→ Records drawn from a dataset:
Segment Open

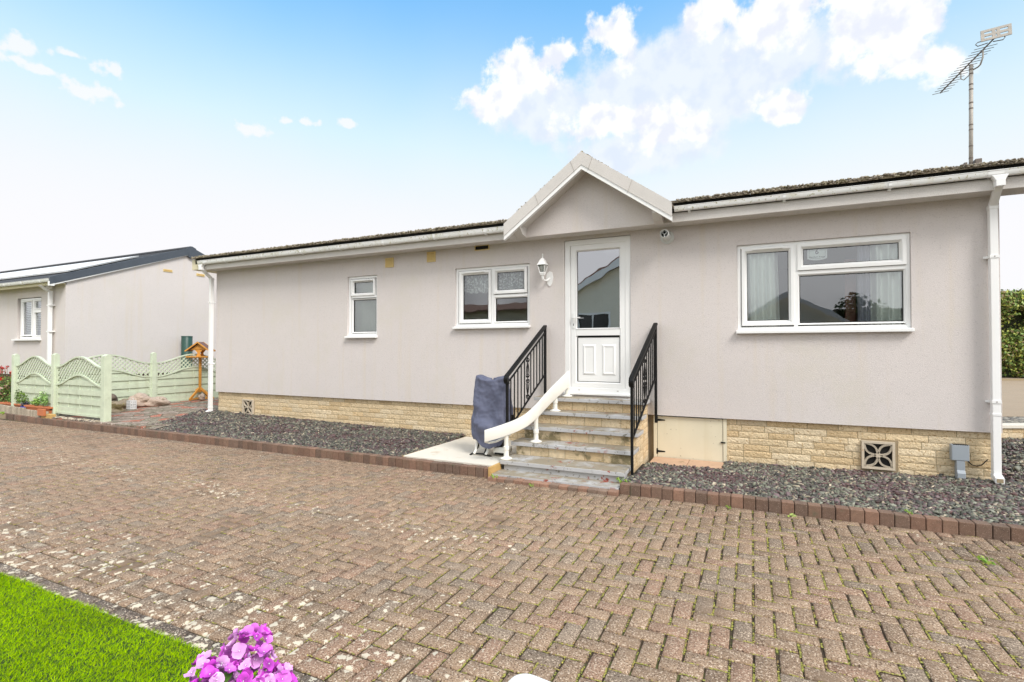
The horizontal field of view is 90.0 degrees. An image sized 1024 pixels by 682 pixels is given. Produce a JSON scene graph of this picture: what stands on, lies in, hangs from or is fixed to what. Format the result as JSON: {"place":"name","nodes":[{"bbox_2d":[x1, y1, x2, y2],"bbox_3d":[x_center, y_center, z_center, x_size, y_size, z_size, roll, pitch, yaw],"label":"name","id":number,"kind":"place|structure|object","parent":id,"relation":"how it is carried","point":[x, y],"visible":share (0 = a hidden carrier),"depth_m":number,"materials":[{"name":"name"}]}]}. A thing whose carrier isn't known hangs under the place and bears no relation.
{"place":"outdoors","nodes":[
{"label":"outdoors","id":0,"kind":"place"},
{"bbox_2d":[52,414,163,428],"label":"path","id":1,"kind":"structure","parent":0,"point":[142,424],"depth_m":9.20,"materials":[{"name":"grey gravel"}]},
{"bbox_2d":[0,570,301,681],"bbox_3d":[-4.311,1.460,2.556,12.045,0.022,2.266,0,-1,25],"label":"lawn","id":2,"kind":"structure","parent":0,"point":[54,618],"depth_m":2.47,"materials":[{"name":"green plant"}]},
{"bbox_2d":[183,623,297,681],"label":"potted hydrangea","id":3,"kind":"object","parent":2,"relation":"on","point":[235,662],"visible":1,"depth_m":1.50,"materials":[{"name":"pink plant"}]},
{"bbox_2d":[111,397,217,428],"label":"path","id":4,"kind":"structure","parent":0,"point":[172,410],"depth_m":10.57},
{"bbox_2d":[53,416,99,422],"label":"pebbles","id":5,"kind":"object","parent":4,"relation":"on","point":[77,419],"visible":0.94,"depth_m":9.61,"materials":[{"name":"stone"}]},
{"bbox_2d":[111,401,125,412],"bbox_3d":[-8.336,1.352,10.596,0.621,0.237,0.490,0,-1,8],"label":"rock","id":6,"kind":"object","parent":4,"relation":"on","point":[117,406],"visible":0.45,"depth_m":10.52,"materials":[{"name":"beige stone"}]},
{"bbox_2d":[112,394,117,400],"bbox_3d":[-8.545,1.196,10.824,0.524,0.191,0.373,0,-1,10],"label":"rock","id":7,"kind":"object","parent":6,"relation":"on","point":[114,397],"visible":0.16,"depth_m":10.73,"materials":[{"name":"stone"}]},
{"bbox_2d":[126,398,136,408],"bbox_3d":[-8.145,1.338,10.963,0.134,0.235,0.134,0,-1,25],"label":"tealight holder","id":8,"kind":"object","parent":4,"relation":"on","point":[132,405],"visible":1,"depth_m":10.93,"materials":[{"name":"white stone"}]},
{"bbox_2d":[128,393,150,406],"bbox_3d":[-8.239,1.288,11.323,0.407,0.300,0.374,0,-1,-4],"label":"rock","id":9,"kind":"object","parent":4,"relation":"on","point":[141,398],"visible":0.77,"depth_m":11.24,"materials":[{"name":"beige stone"}]},
{"bbox_2d":[144,396,170,406],"bbox_3d":[-8.058,1.355,11.526,0.588,0.200,0.431,0,-1,-17],"label":"rock","id":10,"kind":"object","parent":4,"relation":"on","point":[157,401],"visible":0.84,"depth_m":11.45,"materials":[{"name":"beige stone"}]},
{"bbox_2d":[184,342,215,400],"bbox_3d":[-7.839,0.738,12.871,0.680,1.445,0.592,1,-1,-36],"label":"bird table","id":11,"kind":"object","parent":4,"relation":"on","point":[199,347],"visible":0.76,"depth_m":12.79,"materials":[{"name":"orange wood"}]},
{"bbox_2d":[198,393,204,399],"bbox_3d":[-7.653,1.366,12.642,0.203,0.158,0.147,0,-1,25],"label":"cobble","id":12,"kind":"object","parent":4,"relation":"on","point":[201,396],"visible":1,"depth_m":12.59,"materials":[{"name":"beige stone"}]},
{"bbox_2d":[0,419,1023,681],"bbox_3d":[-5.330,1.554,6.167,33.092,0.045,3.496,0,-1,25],"label":"road","id":13,"kind":"structure","parent":0,"point":[372,524],"depth_m":3.33,"materials":[{"name":"brown brick"}]},
{"bbox_2d":[403,437,515,476],"bbox_3d":[-0.477,1.487,6.724,1.296,0.122,1.650,0,-1,25],"label":"concrete pad","id":14,"kind":"object","parent":13,"relation":"on","point":[459,450],"visible":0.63,"depth_m":6.42,"materials":[{"name":"beige concrete"}]},
{"bbox_2d":[470,374,513,456],"bbox_3d":[-0.249,0.928,6.454,0.530,1.004,0.455,0,-1,25],"label":"stairlift chair","id":15,"kind":"object","parent":14,"relation":"on","point":[489,403],"visible":0.74,"depth_m":6.32,"materials":[{"name":"fabric"}]},
{"bbox_2d":[0,444,1023,681],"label":"moss","id":16,"kind":"object","parent":13,"relation":"on","point":[800,652],"visible":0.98,"depth_m":2.99,"materials":[{"name":"green plant"}]},
{"bbox_2d":[508,673,549,681],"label":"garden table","id":17,"kind":"object","parent":13,"relation":"on","point":[525,677],"visible":1,"depth_m":1.06,"materials":[{"name":"white plastic"}]},
{"bbox_2d":[488,475,618,496],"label":"kerb","id":18,"kind":"structure","parent":13,"relation":"on","point":[587,489],"depth_m":5.30,"materials":[{"name":"brick"}]},
{"bbox_2d":[492,395,649,493],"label":"entrance steps","id":19,"kind":"structure","parent":13,"relation":"on","point":[585,441],"depth_m":6.04,"materials":[{"name":"stone"}]},
{"bbox_2d":[503,325,546,422],"bbox_3d":[0.193,0.617,6.574,0.053,1.696,1.243,0,-1,26],"label":"handrail","id":20,"kind":"object","parent":19,"relation":"on","point":[506,380],"visible":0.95,"depth_m":6.56,"materials":[{"name":"black metal"}]},
{"bbox_2d":[484,371,571,459],"bbox_3d":[0.322,0.888,6.384,1.502,0.988,0.341,1,-1,-43],"label":"stairlift rail","id":21,"kind":"object","parent":19,"relation":"on","point":[505,431],"visible":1,"depth_m":6.11,"materials":[{"name":"white metal"}]},
{"bbox_2d":[628,323,657,474],"bbox_3d":[1.547,0.618,5.982,0.056,1.716,1.181,0,-1,29],"label":"handrail","id":22,"kind":"object","parent":19,"relation":"on","point":[650,339],"visible":0.97,"depth_m":5.94,"materials":[{"name":"black metal"}]},
{"bbox_2d":[620,482,1023,542],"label":"kerb","id":23,"kind":"structure","parent":13,"relation":"on","point":[974,528],"depth_m":4.33,"materials":[{"name":"brick"}]},
{"bbox_2d":[977,555,995,564],"bbox_3d":[3.188,1.484,3.447,0.101,0.072,0.078,-1,-1,44],"label":"weed","id":24,"kind":"object","parent":13,"relation":"on","point":[984,560],"visible":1,"depth_m":3.44,"materials":[{"name":"green plant"}]},
{"bbox_2d":[0,0,1023,290],"label":"sky","id":25,"kind":"structure","parent":0,"point":[127,127],"materials":[{"name":"blue"}]},
{"bbox_2d":[660,415,755,507],"bbox_3d":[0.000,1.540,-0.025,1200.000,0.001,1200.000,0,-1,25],"label":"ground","id":26,"kind":"structure","parent":0,"point":[703,417],"depth_m":11.54,"materials":[{"name":"brown"}]},
{"bbox_2d":[0,414,6,418],"bbox_3d":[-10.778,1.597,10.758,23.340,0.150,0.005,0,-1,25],"label":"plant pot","id":27,"kind":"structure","parent":26,"relation":"on","point":[3,416],"depth_m":10.67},
{"bbox_2d":[0,413,488,477],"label":"kerb","id":28,"kind":"structure","parent":26,"relation":"on","point":[478,471],"depth_m":7.13,"materials":[{"name":"brick"}]},
{"bbox_2d":[41,413,55,418],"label":"timber block","id":29,"kind":"structure","parent":28,"relation":"on","point":[49,415],"depth_m":9.87,"materials":[{"name":"brown wood"}]},
{"bbox_2d":[37,409,45,415],"bbox_3d":[-9.124,1.384,9.930,0.240,0.130,0.040,0,-1,25],"label":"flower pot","id":30,"kind":"object","parent":29,"relation":"on","point":[41,412],"visible":1,"depth_m":9.89,"materials":[{"name":"orange ceramic"}]},
{"bbox_2d":[1001,437,1023,481],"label":"slate chippings","id":31,"kind":"object","parent":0,"point":[1014,444],"visible":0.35,"depth_m":6.21,"materials":[{"name":"grey gravel"}]},
{"bbox_2d":[1002,378,1023,416],"bbox_3d":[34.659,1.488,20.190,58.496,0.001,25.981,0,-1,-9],"label":"garden wall","id":32,"kind":"structure","parent":0,"point":[1012,397],"depth_m":12.35,"materials":[{"name":"beige paint"}]},
{"bbox_2d":[1000,288,1023,377],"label":"hedge","id":33,"kind":"object","parent":32,"relation":"on","point":[1012,331],"visible":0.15,"depth_m":20.55,"materials":[{"name":"green plant"}]},
{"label":"garden soil","id":34,"kind":"structure","parent":0,"visible":0},
{"bbox_2d":[0,365,10,401],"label":"rose bush","id":35,"kind":"object","parent":34,"relation":"on","point":[4,389],"visible":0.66,"depth_m":11.41,"materials":[{"name":"green plant"}]},
{"bbox_2d":[0,402,21,406],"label":"planter","id":36,"kind":"object","parent":34,"relation":"on","point":[8,403],"visible":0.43,"depth_m":10.85,"materials":[{"name":"ceramic"}]},
{"bbox_2d":[6,389,28,405],"bbox_3d":[-10.311,1.157,10.760,0.959,0.392,0.254,0,-1,27],"label":"plant","id":37,"kind":"object","parent":36,"relation":"in","point":[17,399],"visible":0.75,"depth_m":10.66,"materials":[{"name":"green plant"}]},
{"bbox_2d":[0,404,48,417],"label":"log edging","id":38,"kind":"object","parent":34,"relation":"on","point":[17,410],"visible":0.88,"depth_m":10.43,"materials":[{"name":"beige wood"}]},
{"bbox_2d":[20,401,29,407],"bbox_3d":[-9.985,1.364,10.494,0.161,0.268,0.155,0,-1,-15],"label":"flower pot","id":39,"kind":"object","parent":34,"relation":"on","point":[23,404],"visible":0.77,"depth_m":10.46,"materials":[{"name":"blue ceramic"}]},
{"bbox_2d":[24,405,52,413],"bbox_3d":[-9.423,1.394,10.212,0.964,0.199,0.117,0,-1,25],"label":"planter","id":40,"kind":"object","parent":34,"relation":"on","point":[47,408],"visible":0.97,"depth_m":10.15,"materials":[{"name":"ceramic"}]},
{"bbox_2d":[30,396,39,405],"bbox_3d":[-9.566,1.216,10.280,0.210,0.257,0.149,0,-1,25],"label":"plant","id":41,"kind":"object","parent":40,"relation":"on","point":[35,401],"visible":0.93,"depth_m":10.26,"materials":[{"name":"green plant"}]},
{"bbox_2d":[38,391,47,406],"bbox_3d":[-9.287,1.169,10.153,0.252,0.348,0.152,-1,-1,37],"label":"plant","id":42,"kind":"object","parent":40,"relation":"on","point":[42,397],"visible":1,"depth_m":10.13,"materials":[{"name":"green plant"}]},
{"bbox_2d":[11,353,111,421],"bbox_3d":[-8.919,0.876,10.041,3.566,1.269,0.121,0,-1,26],"label":"garden fence","id":43,"kind":"object","parent":34,"relation":"on","point":[80,394],"visible":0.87,"depth_m":9.87,"materials":[{"name":"green wood"}]},
{"bbox_2d":[0,246,216,396],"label":"mobile home","id":44,"kind":"object","parent":34,"relation":"on","point":[142,306],"visible":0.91,"depth_m":13.09,"materials":[{"name":"beige paint"}]},
{"bbox_2d":[11,298,40,340],"bbox_3d":[-11.976,-0.533,12.691,1.300,1.048,0.170,0,-1,25],"label":"window","id":45,"kind":"structure","parent":44,"relation":"in","point":[34,310],"depth_m":12.67,"materials":[{"name":"plastic"}]},
{"bbox_2d":[26,301,40,336],"bbox_3d":[-11.835,-0.559,12.770,1.050,0.889,0.032,0,-1,25],"label":"venetian blind","id":46,"kind":"object","parent":44,"relation":"attached to","point":[38,323],"visible":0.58,"depth_m":12.88,"materials":[{"name":"white plastic"}]},
{"bbox_2d":[0,256,138,279],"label":"solar panel","id":47,"kind":"object","parent":44,"relation":"on","point":[47,270],"visible":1,"depth_m":13.94,"materials":[{"name":"glass"}]},
{"bbox_2d":[60,352,217,401],"bbox_3d":[-8.363,0.908,12.016,0.096,1.289,3.826,0,-1,25],"label":"garden fence","id":48,"kind":"object","parent":34,"relation":"on","point":[181,384],"visible":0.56,"depth_m":12.10,"materials":[{"name":"wood"}]},
{"bbox_2d":[181,336,192,367],"bbox_3d":[-9.073,0.708,14.278,0.284,1.700,0.284,0,-1,25],"label":"water butt","id":49,"kind":"object","parent":34,"relation":"on","point":[186,342],"visible":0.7,"depth_m":14.18,"materials":[{"name":"green plastic"}]},
{"label":"ground","id":50,"kind":"structure","parent":0,"visible":0},
{"bbox_2d":[191,151,1023,483],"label":"mobile home","id":51,"kind":"object","parent":50,"relation":"on","point":[813,379],"visible":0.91,"depth_m":6.45,"materials":[{"name":"beige paint"}]},
{"bbox_2d":[344,275,377,337],"bbox_3d":[-2.508,-0.569,8.593,0.659,1.045,0.150,0,-1,25],"label":"window","id":52,"kind":"structure","parent":51,"relation":"in","point":[353,296],"depth_m":8.64,"materials":[{"name":"plastic"}]},
{"bbox_2d":[355,282,375,330],"bbox_3d":[-2.448,-0.581,8.706,0.600,1.040,0.026,0,-1,25],"label":"window blind","id":53,"kind":"object","parent":51,"relation":"attached to","point":[365,315],"depth_m":8.72,"materials":[{"name":"white fabric"}]},
{"bbox_2d":[452,263,529,328],"bbox_3d":[-0.303,-0.645,7.563,1.259,0.923,0.150,0,-1,25],"label":"window","id":54,"kind":"structure","parent":51,"relation":"in","point":[492,272],"depth_m":7.57,"materials":[{"name":"plastic"}]},
{"bbox_2d":[464,272,523,293],"bbox_3d":[-0.246,-0.885,7.670,1.130,0.345,0.070,0,-1,25],"label":"lace valance","id":55,"kind":"object","parent":51,"relation":"attached to","point":[484,284],"visible":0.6,"depth_m":7.74,"materials":[{"name":"white fabric"}]},
{"bbox_2d":[537,253,552,285],"bbox_3d":[0.458,-0.988,7.102,0.182,0.451,0.175,0,-1,25],"label":"wall lantern","id":56,"kind":"object","parent":51,"relation":"attached to","point":[542,262],"depth_m":7.09,"materials":[{"name":"plastic"}]},
{"bbox_2d":[571,241,625,391],"bbox_3d":[1.152,-0.321,6.887,0.750,1.978,0.098,0,-1,25],"label":"door","id":57,"kind":"structure","parent":51,"relation":"in","point":[597,270],"depth_m":6.91,"materials":[{"name":"plastic"}]},
{"bbox_2d":[742,252,779,326],"bbox_3d":[2.961,-0.547,6.160,0.475,1.150,0.078,0,-1,25],"label":"curtain","id":58,"kind":"object","parent":51,"relation":"hanging from","point":[763,287],"visible":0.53,"depth_m":6.14,"materials":[{"name":"white fabric"}]},
{"bbox_2d":[807,248,826,259],"bbox_3d":[3.499,-1.029,5.873,0.196,0.206,0.010,0,-1,25],"label":"house number sign","id":59,"kind":"object","parent":51,"relation":"attached to","point":[816,254],"visible":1,"depth_m":5.87,"materials":[{"name":"white plastic"}]},
{"bbox_2d":[736,233,914,333],"bbox_3d":[3.473,-0.622,5.798,1.714,1.061,0.150,0,-1,25],"label":"window","id":60,"kind":"structure","parent":51,"relation":"in","point":[797,269],"depth_m":5.80,"materials":[{"name":"plastic"}]},
{"bbox_2d":[857,245,870,324],"bbox_3d":[3.938,-0.554,5.730,0.120,1.150,0.032,0,-1,25],"label":"curtain","id":61,"kind":"object","parent":51,"relation":"hanging from","point":[863,293],"visible":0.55,"depth_m":5.73,"materials":[{"name":"grey fabric"}]},
{"bbox_2d":[870,243,903,324],"bbox_3d":[4.141,-0.555,5.608,0.360,1.150,0.085,0,-1,25],"label":"curtain","id":62,"kind":"object","parent":51,"relation":"hanging from","point":[886,295],"visible":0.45,"depth_m":5.62,"materials":[{"name":"white fabric"}]},
{"bbox_2d":[949,443,987,478],"bbox_3d":[4.641,1.257,5.187,0.308,0.412,0.085,0,-1,25],"label":"cable box","id":63,"kind":"object","parent":51,"relation":"attached to","point":[959,454],"visible":0.91,"depth_m":5.20,"materials":[{"name":"grey plastic"}]},
{"bbox_2d":[932,23,1011,164],"bbox_3d":[6.434,-3.169,7.176,0.207,2.228,0.835,1,-1,-34],"label":"tv aerial","id":64,"kind":"object","parent":51,"relation":"attached to","point":[998,31],"visible":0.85,"depth_m":7.17,"materials":[{"name":"metal"}]},
{"bbox_2d":[1001,423,1023,441],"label":"garden wall","id":65,"kind":"structure","parent":50,"relation":"on","point":[1014,430],"depth_m":7.57,"materials":[{"name":"beige brick"}]},
{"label":"slate chippings bed","id":66,"kind":"structure","parent":0,"visible":0},
{"bbox_2d":[145,409,464,456],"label":"slate chippings","id":67,"kind":"object","parent":66,"relation":"on","point":[380,440],"visible":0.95,"depth_m":8.01,"materials":[{"name":"grey gravel"}]},
{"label":"slate chippings bed","id":68,"kind":"structure","parent":0,"visible":0},
{"bbox_2d":[650,456,724,468],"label":"stone flags","id":69,"kind":"object","parent":68,"relation":"on","point":[682,462],"visible":0.44,"depth_m":6.18,"materials":[{"name":"stone"}]},
{"bbox_2d":[623,460,1023,525],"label":"slate chippings","id":70,"kind":"object","parent":68,"relation":"on","point":[987,500],"visible":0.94,"depth_m":4.95,"materials":[{"name":"grey gravel"}]},
{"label":"gravel strip","id":71,"kind":"structure","parent":0,"visible":0},
{"bbox_2d":[1002,417,1023,422],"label":"slate chippings","id":72,"kind":"object","parent":71,"relation":"on","point":[1012,419],"visible":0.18,"depth_m":8.45,"materials":[{"name":"grey gravel"}]}
]}

Segment Closed

→ Problem details: Only lines containing "path" belong in the answer; copy every such line from the records.

→ Task solution:
{"bbox_2d":[52,414,163,428],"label":"path","id":1,"kind":"structure","parent":0,"point":[142,424],"depth_m":9.20,"materials":[{"name":"grey gravel"}]},
{"bbox_2d":[111,397,217,428],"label":"path","id":4,"kind":"structure","parent":0,"point":[172,410],"depth_m":10.57},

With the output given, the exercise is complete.